In reality, this mechanism is somewhat more complex and involves more steps to just even read the command from the pool. And the pool itself is a unit on a processor chip as well and acts as another register. But to explain the processor operation, I’ve simplified that.

Read more to where I explain how a program in Assembly language is transformed to ones and zeroes; show a sample processor instruction set and how a program in C could be compiled to that instruction set.

Assembly language

Each processor instruction is a chain of ones and zeros.
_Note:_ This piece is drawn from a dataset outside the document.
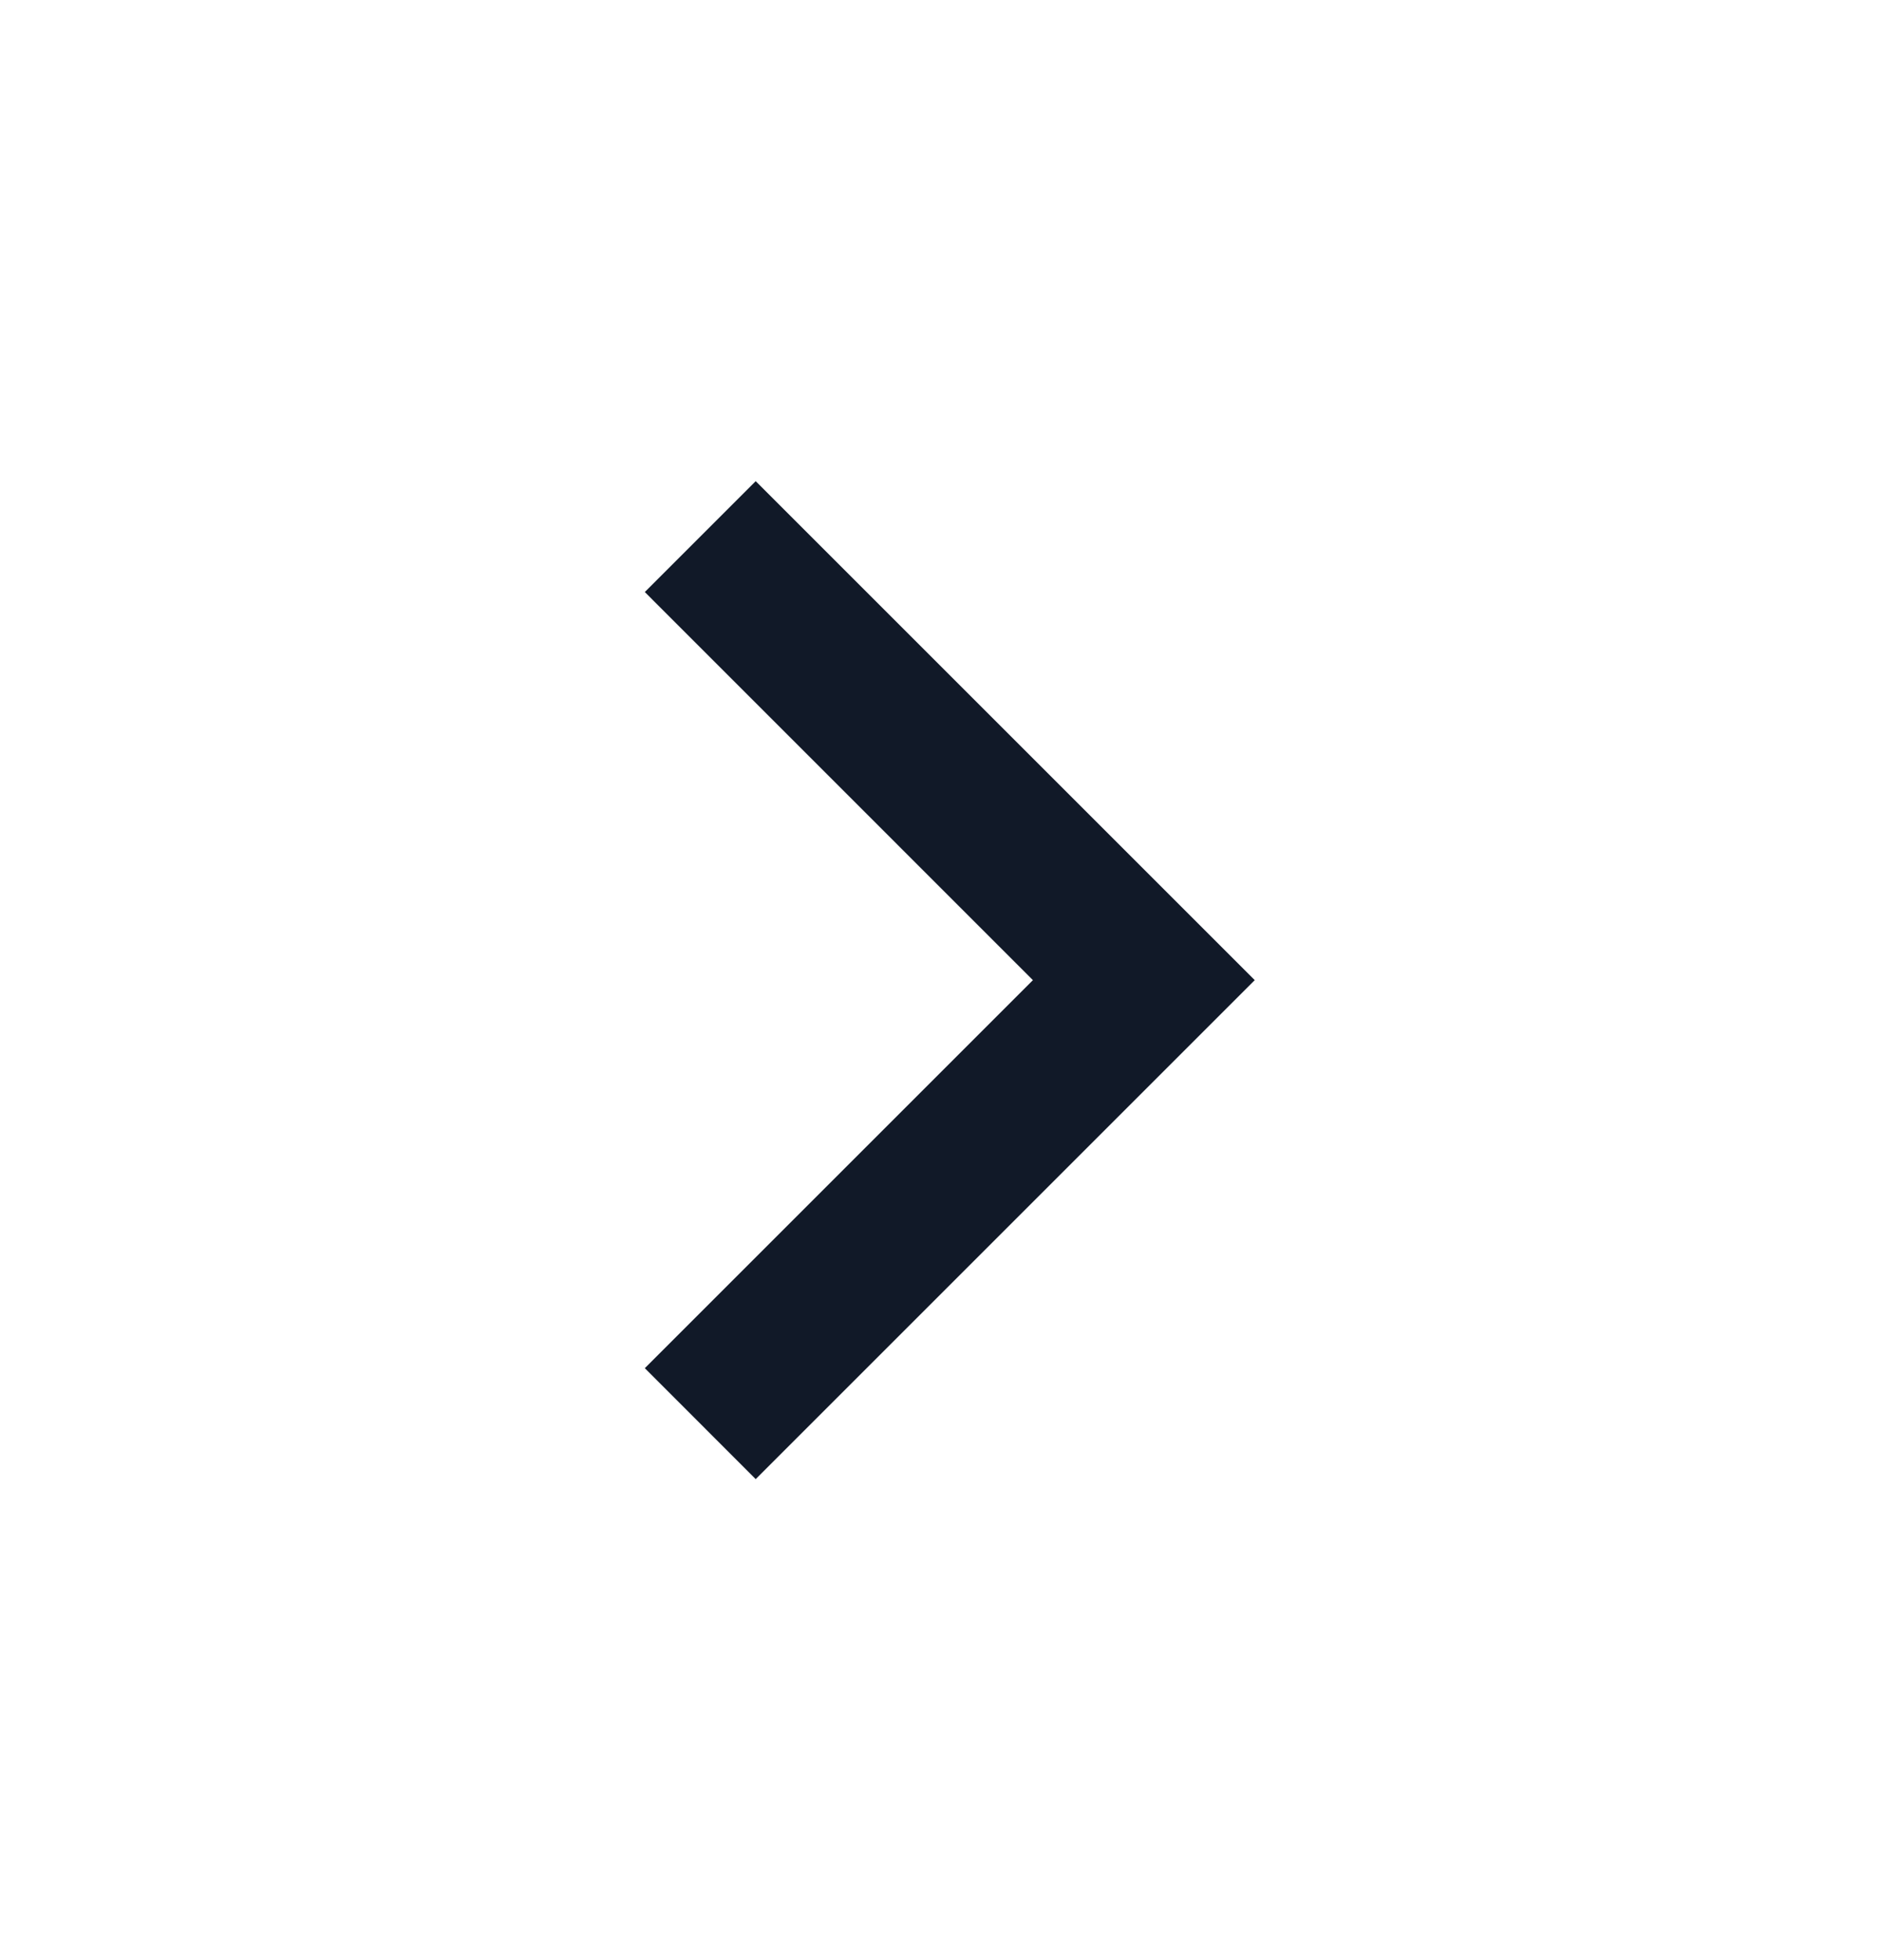<svg width="24" height="25" viewBox="0 0 24 25" fill="none" xmlns="http://www.w3.org/2000/svg">
<path d="M13.172 12.501L8.223 7.551L9.637 6.137L16.001 12.501L9.637 18.865L8.223 17.45L13.172 12.501Z" fill="#111928"/>
</svg>

Assume we have these commands processor can understand:

  • adding the values in registers A and B and storing the sum in register C and the information about possible register overflow in register S (this occurs when we do not have enough memory in register to store the result: say we have only 4 bits in each register, then what will the sum of 1111 and 0001? 10000, which takes 5 bits - more than we have in a register; we can then set the result to 10000 - 1111 == 0001 and proclaim “we have come over the size of register”)
  • subtract the values in registers A and B and handling overflows the same way as in addition (imagine subtracting 0001 - 0001 with only 4-bit-wide registers)
  • multiply registers A and B
  • divide registers A and B (A / B)
  • perform bitwise operations AND, OR, NOT and XOR on registers A and B and store the value in register C
  • set the value of a register (either A or B) to a specific constant value
  • move a value from register C to either register A or register B
  • load data from memory under the address specified to a specific register (A or B)
  • save data from register A or B to a memory under the address specified
  • compare the values in registers A and B and set the corresponding flag in register C (whether the values are equal or A > B or B > A)
  • go to a specific instruction of a program
  • go to a specific instruction of a program, based on comparison flags in register C

Let us name these commands:

  1. ADD = A + B -> C
  2. SUB = A - B -> C
  3. MUL = A * B -> C
  4. DIV = A / B -> C
  5. NOTA = NOT A
  6. NOTB = NOT B
  7. AND = A AND B -> C
  8. OR = A OR B -> C
  9. XOR = A XOR B -> C
  10. SHR = A » B -> C (bitwise shift right)
  11. SHL = A « B -> C (bitwise shift left)
  12. MOV A, const = const -> A
  13. MOV B, const = const -> B
  14. MOV C, A = C -> A
  15. MOV C, B = C -> B
  16. MOV A, C = A -> C
  17. MOV B, C = B -> C
  18. LOAD addr, A = memory[addr] -> A
  19. LOAD addr, B = memory[addr] -> B
  20. LOADB = memory[A] -> B
  21. SAVEB = B -> memory[A]
  22. CMP = A <=> B -> C
  23. JMP line = GOTO line
  24. JL line = if A < B (from comparison flags in C) then GOTO line
  25. JLE line = if A <= B then GOTO line
  26. JEQ line = if A == B then GOTO line
  27. JNEQ line = if A != B then GOTO line
  28. JGE line = if A >= B then GOTO line
  29. JG line = if A > B then GOTO line
  30. NOP = do nothing

This is a great subset of Assembly language commands! Just think about it: you can actually represent pretty much any program using only these 30 instructions! All the modern processors’ instructions are mostly optimized variations of the commands listed above.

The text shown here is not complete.